Cotton replanted between the end of the Late Planting Period and the 15th day after the Final Plant Date will be considered a replanted crop and any pending insurance claim will be influenced by the yield produced on the replanted acreage.
“Earlier this summer, USDA RMA revised the definition of ‘Replanted Crop’ in such a way that the new interpretation could have potentially eliminated any possibility for a producer to replant the same crop as an uninsured, second crop under the first-crop/second-crop rules as we currently understand them,” explained Steve Verett, Plains Cotton Growers Executive Vice President.

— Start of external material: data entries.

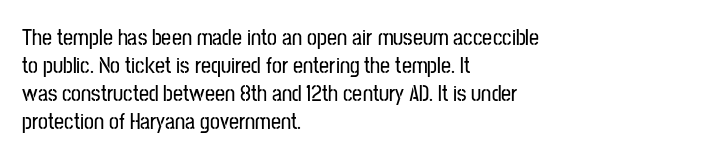
In terms of leading, this rendering sits right in the middle. Do the letters lean? They stand straight. These lines stack with their left ends in a neat column. The zone under the glyphs is completely vacant. The letters sit at their default tracking, neither squeezed nor spread.
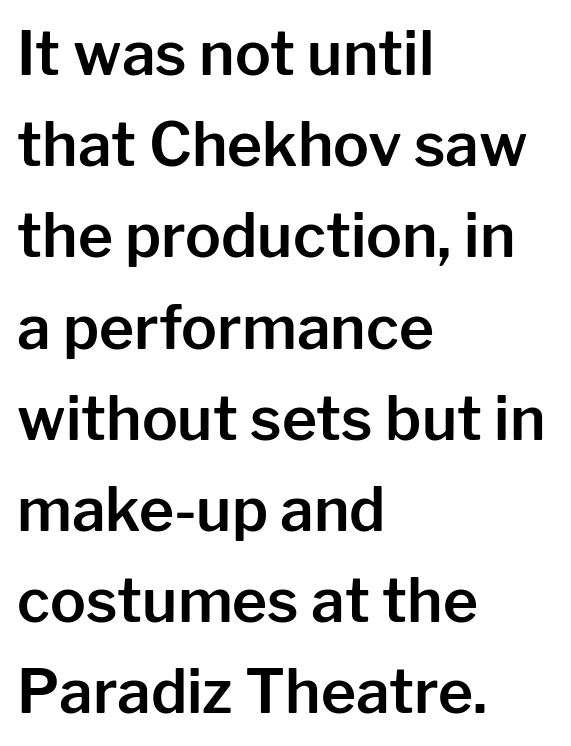
{"serif": "no", "italic": "no", "width": "normal", "stroke_contrast": "low", "x_height": "medium", "monospaced": "no", "underline": "no", "align": "left", "line_spacing": "normal", "line_spacing_ratio": 1.52, "letter_spacing": "normal", "letter_spacing_em": 0.0, "glyph_px": 60}
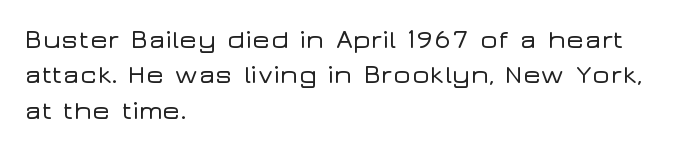
Interline gaps are of average width in this sample. The axis of the letterforms is exactly vertical. Casual observation: everything's shoved over to the left. These lines keep a tight, regular rhythm from letter to letter. Unmarked baselines from the first word to the last.

“As soon as we became aware of the problems caused by this revision, PCG contacted USDA RMA staff to understand why the original change had been made and to work to reduce the potential impact on cotton producers.”
He notes that the final decision by RMA to establish the 15-day Special Provision statement for cotton was not an acceptable outcome and said that the conversation with RMA will be ongoing on this issue. “Our focus going forward will be to work with RMA and work toward returning the replant rule as it pertains to cotton to its pre-2018 state,” said Verett.

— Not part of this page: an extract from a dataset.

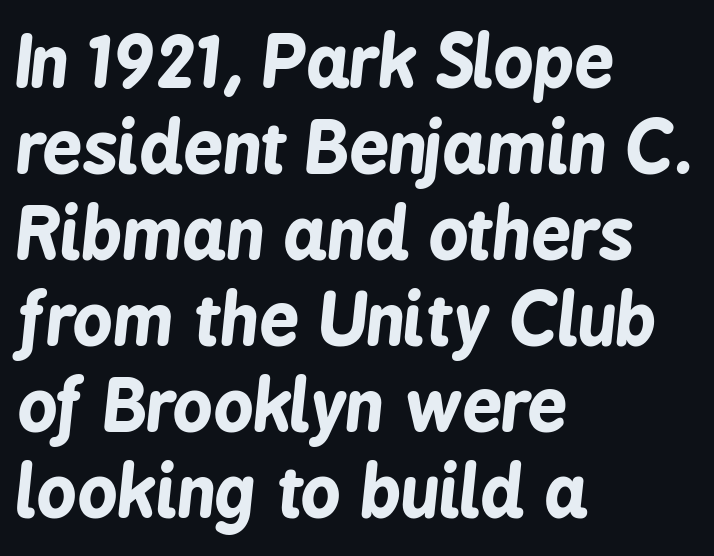
A classic flush-left, rag-right setting is used for this passage. Has an underline been added? It has not. The axis of the letterforms is tilted away from vertical. Character widths vary here, with narrow letters taking less room than wide ones. Students, this is bold: see how much ink each stroke carries.

As noted earlier, there were several other changes announced by RMA for 2018 that producers will appreciate. Chief among them are:
- Enterprise Units by Practice – RMA announced a change to its implementation of the 2014 Farm Bill provision and have updated the Enterprise Unit by Practice guidelines to finally allow a producer to establish an enterprise unit on one practice and maintain optional unit coverage on a different practice. This is good news for producers who need the flexibility to choose the most appropriate unit structure for each practice on their farm.
- Cotton Quality Adjustment Procedures – RMA released the new Upland Cotton Loss Adjustment Manual that changes the procedure from requiring a 15 percent quality loss deductible to be met before the quality loss can be calculated to a 10 percent quality loss trigger that will then allow the full amount of the quality loss to be captured by the producer. The new procedure will continue RMA’s current practice of applying the resulting quality loss factor to the grower’s total pounds of production and therefore reduce the amount of production that will subsequently be reported on the grower’s final production report for APH purposes.

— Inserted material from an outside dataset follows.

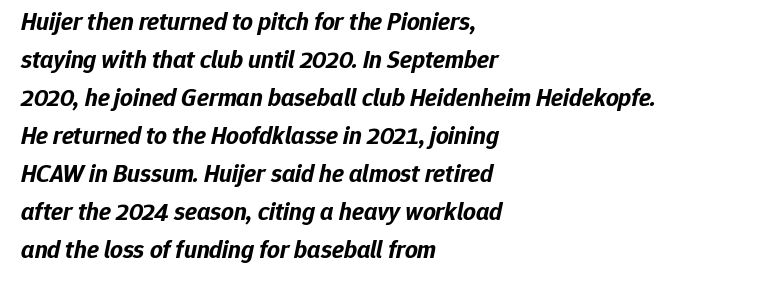
The image shows 25 px bold type, italic (leaning right); set left-aligned, normal line spacing (1.52x), normal letter spacing, not underlined.

- Yield Cups & Yield Exclusion/Trend Yield Adjusted APH’s – RMA announced that beginning in 2018 yield cups that prevent a producer’s APH yield from declining more than 10 percent from one year to the next will become optional. Growers should be sure that they elect to have yield cups apply to their APH databases on or before applicable Sales Closing Dates to ensure that the cup will continue to apply to their APH database. In addition to making the cups optional, RMA has also extended the applicability of the yield cup to APH databases that are participating in the Trend Adjusted Yield provision as well as the 2014 Farm Bill’s Yield Exclusion option, which will prevent large year-to year fluctuations in TA- or YE-adjusted APH database yields.
- Conservation Compliance Form Deadlines – RMA has also shifted the deadline for receiving revised AD-1026 Conservation Compliance forms from June 1 to the premium billing date to allow additional time for forms to be submitted to the USDA Farm Service Agency and transmitted to RMA and avoid loss of premium subsidy benefits.